Cosa significa avere una relazione queer
Senza etichette, senza ruoli fissi, al di là di orientamenti sessuali, genere e coppia: come funziona una relazione queer?
Senza etichette, senza ruoli fissi, al di là di orientamenti sessuali, genere e coppia: come funziona una relazione queer?
Eppure, non è così. Ci sono rapporti dimostrano che esiste un altro, o meglio tantissimi altri, modi di stare insieme e dimostrarsi famiglia. Ma cos’è davvero una relazione queer?

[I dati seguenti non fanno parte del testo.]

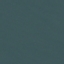
Land use / land cover: SeaLake
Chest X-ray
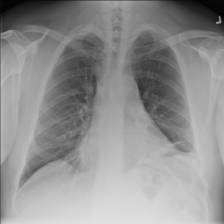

Queer, la lettera Q dell’acronimo Lgbtqai+ significa, letteralmente, “strano, eccentrico, particolare”. In tedesco, invece, l’aggettivo quer ha il significato di “obliquo, perverso”. Ed è probabilmente da questa definizione che nel tempo il termine è diventato uno slur, un termine dispregiativo per offendere in particolare i maschi omosessuali effeminati.
Come accaduto per altri termini – lo stesso “gay” – però, una parte della comunità si è riappropriata di questa parola, facendone una bandiera identitaria di chi rifiutano le identità di genere canoniche le etichette e le categorie correlate all’orientamento sessuale, esulando dagli schemi previsti da una società prevalentemente eterosessuale.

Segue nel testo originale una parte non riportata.